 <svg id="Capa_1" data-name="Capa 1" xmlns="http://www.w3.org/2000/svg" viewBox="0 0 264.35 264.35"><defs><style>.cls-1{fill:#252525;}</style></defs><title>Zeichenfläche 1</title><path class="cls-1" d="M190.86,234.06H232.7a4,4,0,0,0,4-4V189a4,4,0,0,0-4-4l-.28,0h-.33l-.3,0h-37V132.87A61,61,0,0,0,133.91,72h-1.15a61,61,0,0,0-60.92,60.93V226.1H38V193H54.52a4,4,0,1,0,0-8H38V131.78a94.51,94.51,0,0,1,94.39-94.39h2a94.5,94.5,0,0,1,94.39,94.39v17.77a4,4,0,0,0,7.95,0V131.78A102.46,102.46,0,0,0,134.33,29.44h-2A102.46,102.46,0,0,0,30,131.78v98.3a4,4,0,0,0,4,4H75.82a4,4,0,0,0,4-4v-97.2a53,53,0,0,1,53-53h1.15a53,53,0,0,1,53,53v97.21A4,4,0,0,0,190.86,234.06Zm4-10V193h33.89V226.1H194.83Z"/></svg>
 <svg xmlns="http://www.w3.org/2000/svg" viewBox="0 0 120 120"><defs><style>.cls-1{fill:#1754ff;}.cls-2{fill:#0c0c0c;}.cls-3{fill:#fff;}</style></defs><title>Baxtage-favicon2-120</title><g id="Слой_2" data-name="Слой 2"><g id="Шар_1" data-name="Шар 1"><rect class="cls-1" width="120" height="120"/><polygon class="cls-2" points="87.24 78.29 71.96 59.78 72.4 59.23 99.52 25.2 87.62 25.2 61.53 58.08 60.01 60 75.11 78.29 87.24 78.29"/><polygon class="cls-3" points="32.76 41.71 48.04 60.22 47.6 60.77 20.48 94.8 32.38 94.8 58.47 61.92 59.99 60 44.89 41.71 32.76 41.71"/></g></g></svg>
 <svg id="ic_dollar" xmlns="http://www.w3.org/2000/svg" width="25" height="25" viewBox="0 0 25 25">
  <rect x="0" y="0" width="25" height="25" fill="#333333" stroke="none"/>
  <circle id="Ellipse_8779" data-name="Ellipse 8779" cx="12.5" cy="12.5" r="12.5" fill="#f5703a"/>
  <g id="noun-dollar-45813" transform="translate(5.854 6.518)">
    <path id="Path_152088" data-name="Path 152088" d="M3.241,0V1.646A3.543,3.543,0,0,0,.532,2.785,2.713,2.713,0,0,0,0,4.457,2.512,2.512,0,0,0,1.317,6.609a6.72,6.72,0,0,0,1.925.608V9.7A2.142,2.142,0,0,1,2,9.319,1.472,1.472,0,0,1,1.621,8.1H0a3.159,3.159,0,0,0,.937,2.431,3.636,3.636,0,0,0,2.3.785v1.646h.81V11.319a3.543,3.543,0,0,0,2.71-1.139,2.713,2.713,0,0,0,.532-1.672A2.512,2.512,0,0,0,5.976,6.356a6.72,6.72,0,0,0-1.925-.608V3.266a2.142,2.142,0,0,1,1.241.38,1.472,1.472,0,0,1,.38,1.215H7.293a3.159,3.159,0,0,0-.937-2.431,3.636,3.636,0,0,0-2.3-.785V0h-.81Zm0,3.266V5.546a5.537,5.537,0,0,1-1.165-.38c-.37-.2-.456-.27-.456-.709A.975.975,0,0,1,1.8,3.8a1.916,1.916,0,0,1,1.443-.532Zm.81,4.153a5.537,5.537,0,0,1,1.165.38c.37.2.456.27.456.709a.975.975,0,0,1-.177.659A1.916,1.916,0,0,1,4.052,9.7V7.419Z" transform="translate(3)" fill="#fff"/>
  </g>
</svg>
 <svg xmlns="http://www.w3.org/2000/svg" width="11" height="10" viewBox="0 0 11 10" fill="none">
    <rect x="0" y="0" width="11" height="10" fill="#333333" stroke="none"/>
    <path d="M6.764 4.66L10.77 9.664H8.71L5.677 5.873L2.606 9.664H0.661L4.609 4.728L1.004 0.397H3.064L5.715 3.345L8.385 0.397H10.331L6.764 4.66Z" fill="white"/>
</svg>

____

TASK STATEMENT
A verbatim copy of every entry is needed.

ANSWER BOX
 <svg id="Capa_1" data-name="Capa 1" xmlns="http://www.w3.org/2000/svg" viewBox="0 0 264.35 264.35"><defs><style>.cls-1{fill:#252525;}</style></defs><title>Zeichenfläche 1</title><path class="cls-1" d="M190.86,234.06H232.7a4,4,0,0,0,4-4V189a4,4,0,0,0-4-4l-.28,0h-.33l-.3,0h-37V132.87A61,61,0,0,0,133.91,72h-1.15a61,61,0,0,0-60.92,60.93V226.1H38V193H54.52a4,4,0,1,0,0-8H38V131.78a94.51,94.51,0,0,1,94.39-94.39h2a94.5,94.5,0,0,1,94.39,94.39v17.77a4,4,0,0,0,7.95,0V131.78A102.46,102.46,0,0,0,134.33,29.44h-2A102.46,102.46,0,0,0,30,131.78v98.3a4,4,0,0,0,4,4H75.82a4,4,0,0,0,4-4v-97.2a53,53,0,0,1,53-53h1.15a53,53,0,0,1,53,53v97.21A4,4,0,0,0,190.86,234.06Zm4-10V193h33.89V226.1H194.83Z"/></svg>
 <svg xmlns="http://www.w3.org/2000/svg" viewBox="0 0 120 120"><defs><style>.cls-1{fill:#1754ff;}.cls-2{fill:#0c0c0c;}.cls-3{fill:#fff;}</style></defs><title>Baxtage-favicon2-120</title><g id="Слой_2" data-name="Слой 2"><g id="Шар_1" data-name="Шар 1"><rect class="cls-1" width="120" height="120"/><polygon class="cls-2" points="87.24 78.29 71.96 59.78 72.4 59.23 99.52 25.2 87.62 25.2 61.53 58.08 60.01 60 75.11 78.29 87.24 78.29"/><polygon class="cls-3" points="32.76 41.71 48.04 60.22 47.6 60.77 20.48 94.8 32.38 94.8 58.47 61.92 59.99 60 44.89 41.71 32.76 41.71"/></g></g></svg>
 <svg id="ic_dollar" xmlns="http://www.w3.org/2000/svg" width="25" height="25" viewBox="0 0 25 25">
  <rect x="0" y="0" width="25" height="25" fill="#333333" stroke="none"/>
  <circle id="Ellipse_8779" data-name="Ellipse 8779" cx="12.5" cy="12.5" r="12.5" fill="#f5703a"/>
  <g id="noun-dollar-45813" transform="translate(5.854 6.518)">
    <path id="Path_152088" data-name="Path 152088" d="M3.241,0V1.646A3.543,3.543,0,0,0,.532,2.785,2.713,2.713,0,0,0,0,4.457,2.512,2.512,0,0,0,1.317,6.609a6.72,6.72,0,0,0,1.925.608V9.7A2.142,2.142,0,0,1,2,9.319,1.472,1.472,0,0,1,1.621,8.1H0a3.159,3.159,0,0,0,.937,2.431,3.636,3.636,0,0,0,2.3.785v1.646h.81V11.319a3.543,3.543,0,0,0,2.71-1.139,2.713,2.713,0,0,0,.532-1.672A2.512,2.512,0,0,0,5.976,6.356a6.72,6.72,0,0,0-1.925-.608V3.266a2.142,2.142,0,0,1,1.241.38,1.472,1.472,0,0,1,.38,1.215H7.293a3.159,3.159,0,0,0-.937-2.431,3.636,3.636,0,0,0-2.3-.785V0h-.81Zm0,3.266V5.546a5.537,5.537,0,0,1-1.165-.38c-.37-.2-.456-.27-.456-.709A.975.975,0,0,1,1.8,3.8a1.916,1.916,0,0,1,1.443-.532Zm.81,4.153a5.537,5.537,0,0,1,1.165.38c.37.2.456.27.456.709a.975.975,0,0,1-.177.659A1.916,1.916,0,0,1,4.052,9.7V7.419Z" transform="translate(3)" fill="#fff"/>
  </g>
</svg>
 <svg xmlns="http://www.w3.org/2000/svg" width="11" height="10" viewBox="0 0 11 10" fill="none">
    <rect x="0" y="0" width="11" height="10" fill="#333333" stroke="none"/>
    <path d="M6.764 4.66L10.77 9.664H8.71L5.677 5.873L2.606 9.664H0.661L4.609 4.728L1.004 0.397H3.064L5.715 3.345L8.385 0.397H10.331L6.764 4.66Z" fill="white"/>
</svg>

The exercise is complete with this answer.